Samuel Johnson was born on 18 September 1709 and lived until 13 December 1784 – a rather long life for the age and he lived through most of the Georgian Era.

One of the Finest English Dictionaries

Due to the general dissatisfaction with the English Dictionaries of the Day, a consortium of London publishers approached Johnson to write a new dictionary. He agreed but it took him nine years and he mostly did the work singlehandedly. It is widely regarded as one of the finest dictionaries ever published until the publication 173 years of the first Oxford English Dictionary.

The Debtor

On more than one occasion Johnson was arrested for failing to replay debts he owed. He usually managed to get out of it.

He Probably Had Tourette’s Syndrome

His odd gestures and tics were disconcerting to some on first meeting him. Biographies of Johnson, documented his odd behavior and mannerisms in such detail that they have informed the posthumous diagnosis of Tourette syndrome, a condition not defined or diagnosed in the 18th century.

Didn’t Finish His Oxford Degree

Johnson attended Pembroke College at Oxford but was unable to finish his degree due to his inability to pay the tuition bills. He was forced to leave the school and many of his prized books because he was too poor to transport them home. Eventually, just before the publication of his dictionary, he received a Master of Arts degree from Oxford. He was eventually awarded an honorary Doctorate in 1765.
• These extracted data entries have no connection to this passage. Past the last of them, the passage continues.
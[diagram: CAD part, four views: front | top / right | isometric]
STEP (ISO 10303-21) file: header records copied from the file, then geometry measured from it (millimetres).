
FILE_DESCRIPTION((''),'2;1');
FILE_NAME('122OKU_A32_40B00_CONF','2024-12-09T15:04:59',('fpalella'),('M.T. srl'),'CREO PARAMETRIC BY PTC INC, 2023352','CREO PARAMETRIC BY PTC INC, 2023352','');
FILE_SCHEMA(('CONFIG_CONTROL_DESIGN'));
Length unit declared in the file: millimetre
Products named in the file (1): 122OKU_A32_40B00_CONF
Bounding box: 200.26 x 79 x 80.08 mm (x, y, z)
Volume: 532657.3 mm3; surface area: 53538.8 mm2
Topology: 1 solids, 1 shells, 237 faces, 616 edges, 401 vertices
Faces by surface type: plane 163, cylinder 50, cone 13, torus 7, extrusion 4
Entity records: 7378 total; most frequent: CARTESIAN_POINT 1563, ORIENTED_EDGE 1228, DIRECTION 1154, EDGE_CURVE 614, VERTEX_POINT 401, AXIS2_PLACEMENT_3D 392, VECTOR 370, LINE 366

Married a Close Friend’s Wife

Johnson was good friends with a man named Harry Porter, who eventually died of a terminal illness. He became close to Porter’s wife, Elizabeth and he began courting her. This caused much controversy as she was 46 years old with three children and he was just 25, leading to a family scandal.

Boswell

On 16 May 1763, Johnson first met 22-year-old James Boswell—who would later become Johnson’s first major biographer—in the bookshop of Johnson’s friend, Tom Davies. They quickly became friends, although Boswell would return to his home in Scotland or travel abroad for months at a time. It would be a friendship that would last the rest of Johnson’s life. It was to Boswell that Johnson uttered his most famous phrase “A man who is tired of London, is tired of life…”

Meeting the King

In February 1767, Johnson was granted a special audience with King George III. This took place at the library of the Queen’s house, and it was organised by Barnard, the King’s librarian. The King, upon hearing that Johnson would visit the library, commanded that Barnard introduce him to Johnson. After a short meeting, Johnson was impressed both with the King himself and with their conversation.

Francis Barber

To help with household duties in his later years, Johnson hired a free slave Jamaican manservant named Francis Barber. He served Johnson from 1752 until Johnson’s death in 1784. Johnson made him his residual heir, with £70 a year to be given him by Trustees, expressing the wish that he move from London to Lichfield in Staffordshire, Johnson’s native city. After Johnson’s death in 1784, Barber did this, opening a draper’s shop and marrying a local woman. Barber was also left Johnson’s books and papers, and a gold watch. In later years he had acted as Johnson’s assistant in revising his famous Dictionary and other works.

Patriotism

Though he was generally not political, he had strong words about America and its rebellion and the concept of patriotism, famously saying “Patriotism is the last refuge of a scoundrel.” Johnson also argued that in emigrating to America, colonists had “voluntarily resigned the power of voting”, but they still had “virtual representation” in Parliament. In a parody of the Declaration of Rights, Johnson suggested that the Americans had no more right to govern themselves than the Cornish people. If the Americans wanted to participate in Parliament, said Johnson, they could move to England and purchase an estate. Johnson denounced English supporters of American separatists as “traitors to this country”, and hoped that the matter would be settled without bloodshed, but he felt confident that it would end with “English superiority and American obedience”. So, there were a few things he ended up being wrong about!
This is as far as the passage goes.